Kai: I think it should be to move faster. Also, regarding team composition. The VideoTutor team has gone through multiple rounds of adjustments. If I had known earlier, I would have better assembled the team based on the skills needed for the product. I believe that in entrepreneurship, organizational capability is very crucial. I would spend more time on organizational capability: selecting people, recognizing people, and utilizing good people.

The current team is suitable for growth from 0 to 1, but to make VideoTutor bigger, we still need to bring in more experienced people to contribute their excellent experiences and capabilities to the team, helping the entire team grow together.

Founder Park: In the next six months, what kind of product or technical challenges do you think VideoTutor might encounter?

Kai: I think one challenge is rendering; achieving true zero latency still requires breakthroughs in engineering. The second point is growth; I think it’s about the product's taste, which includes many aspects, such as whether the UI and interaction design are smooth and perfect, whether the functional interactions are bug-free, and whether the visual layout is attractive, etc. These are all tests for us.

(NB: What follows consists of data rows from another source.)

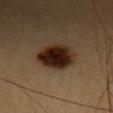Q: Was a biopsy performed?
A: total-body-photography surveillance lesion; no biopsy
Q: Lesion location?
A: the head or neck
Q: How was this image acquired?
A: 15 mm crop, total-body photography
Q: What is the lesion's diameter?
A: ~5 mm (longest diameter)
Q: What did automated image analysis measure?
A: a mean CIELAB color near L≈20 a*≈15 b*≈22 and a normalized lesion–skin contrast near 16.5; border irregularity of about 1.5 on a 0–10 scale, internal color variation of about 6.5 on a 0–10 scale, and a peripheral color-asymmetry measure near 1.5; a classifier nevus-likeness of about 100/100 and a lesion-detection confidence of about 100/100
Q: Who is the patient?
A: female, aged approximately 30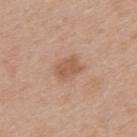Q: Was a biopsy performed?
A: catalogued during a skin exam; not biopsied
Q: How large is the lesion?
A: about 3 mm
Q: How was this image acquired?
A: ~15 mm tile from a whole-body skin photo
Q: How was the tile lit?
A: white-light illumination
Q: Lesion location?
A: the back
Q: What are the patient's age and sex?
A: male, aged approximately 30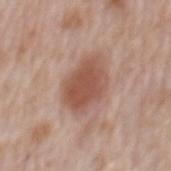follow-up = no biopsy performed (imaged during a skin exam).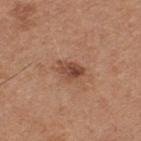Assessment: Imaged during a routine full-body skin examination; the lesion was not biopsied and no histopathology is available. Acquisition and patient details: The lesion-visualizer software estimated a lesion area of about 5.5 mm², a shape eccentricity near 0.75, and two-axis asymmetry of about 0.3. It also reported a lesion color around L≈47 a*≈22 b*≈30 in CIELAB, about 11 CIELAB-L* units darker than the surrounding skin, and a normalized lesion–skin contrast near 8. The analysis additionally found a color-variation rating of about 6/10 and a peripheral color-asymmetry measure near 2.5. Imaged with white-light lighting. On the upper back. The lesion's longest dimension is about 3.5 mm. A male patient roughly 65 years of age. A 15 mm crop from a total-body photograph taken for skin-cancer surveillance.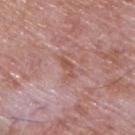The lesion was tiled from a total-body skin photograph and was not biopsied. The lesion is on the upper back. The lesion's longest dimension is about 3 mm. A roughly 15 mm field-of-view crop from a total-body skin photograph. A male subject aged approximately 65. An algorithmic analysis of the crop reported an automated nevus-likeness rating near 0 out of 100. This is a white-light tile.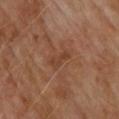follow-up: total-body-photography surveillance lesion; no biopsy | acquisition: ~15 mm crop, total-body skin-cancer survey | subject: male, aged 68–72 | body site: the upper back | diameter: ~3 mm (longest diameter).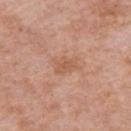  lesion_size:
    long_diameter_mm_approx: 2.5
  site: arm
  automated_metrics:
    area_mm2_approx: 4.0
    eccentricity: 0.65
    shape_asymmetry: 0.3
    cielab_L: 57
    cielab_a: 23
    cielab_b: 32
    vs_skin_darker_L: 7.0
    vs_skin_contrast_norm: 5.0
    lesion_detection_confidence_0_100: 100
  image:
    source: total-body photography crop
    field_of_view_mm: 15
  patient:
    sex: female
    age_approx: 70
  lighting: white-light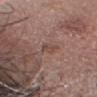Assessment:
Part of a total-body skin-imaging series; this lesion was reviewed on a skin check and was not flagged for biopsy.
Clinical summary:
A male subject aged approximately 55. Cropped from a total-body skin-imaging series; the visible field is about 15 mm. The recorded lesion diameter is about 2.5 mm. Imaged with white-light lighting. Automated image analysis of the tile measured an area of roughly 2.5 mm², an eccentricity of roughly 0.9, and two-axis asymmetry of about 0.3. And it measured a lesion color around L≈46 a*≈19 b*≈24 in CIELAB, roughly 6 lightness units darker than nearby skin, and a normalized border contrast of about 5. The analysis additionally found a border-irregularity index near 3/10. And it measured a lesion-detection confidence of about 100/100. The lesion is on the head or neck.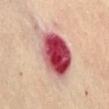Impression:
The lesion was tiled from a total-body skin photograph and was not biopsied.
Clinical summary:
From the abdomen. Cropped from a whole-body photographic skin survey; the tile spans about 15 mm. Measured at roughly 8.5 mm in maximum diameter. A female patient, about 60 years old. The total-body-photography lesion software estimated an area of roughly 27 mm², an outline eccentricity of about 0.75 (0 = round, 1 = elongated), and a shape-asymmetry score of about 0.3 (0 = symmetric).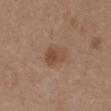This lesion was catalogued during total-body skin photography and was not selected for biopsy. Measured at roughly 3 mm in maximum diameter. The lesion is on the front of the torso. Captured under white-light illumination. The subject is a female in their 30s. Cropped from a whole-body photographic skin survey; the tile spans about 15 mm.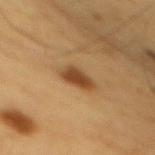notes = no biopsy performed (imaged during a skin exam) | acquisition = ~15 mm crop, total-body skin-cancer survey | automated lesion analysis = a border-irregularity rating of about 3/10 and a peripheral color-asymmetry measure near 0.5; a classifier nevus-likeness of about 100/100 and a detector confidence of about 100 out of 100 that the crop contains a lesion | anatomic site = the mid back | lighting = cross-polarized illumination | lesion diameter = ≈4 mm | patient = male, approximately 60 years of age.

James: I think initially we positioned VideoTutor as a visual teaching assistant for all subjects, but later we became very vertical, focusing only on the math field because that is our strongest area. The next key breakthrough may be horizontal expansion. For example, how to bring the advantages of visualization to the humanities scenarios? For instance, explaining "The sun shines on the wheat at noon, and sweat drips onto the soil." This is a point we need to consider in technology moving forward.

Founder Park: Will the founder's background cause difficulties in subsequent expansion?

Kai: Not really. In fact, many large VCs have approached us, like a16z, who do not invest too early but wait until the team shows signs of success before providing support, so they know the investment will not fail. We maintain good relationships with many large VCs.

Financing is the least of VideoTutor's worries; the most concerning issues are around user ecology and the product.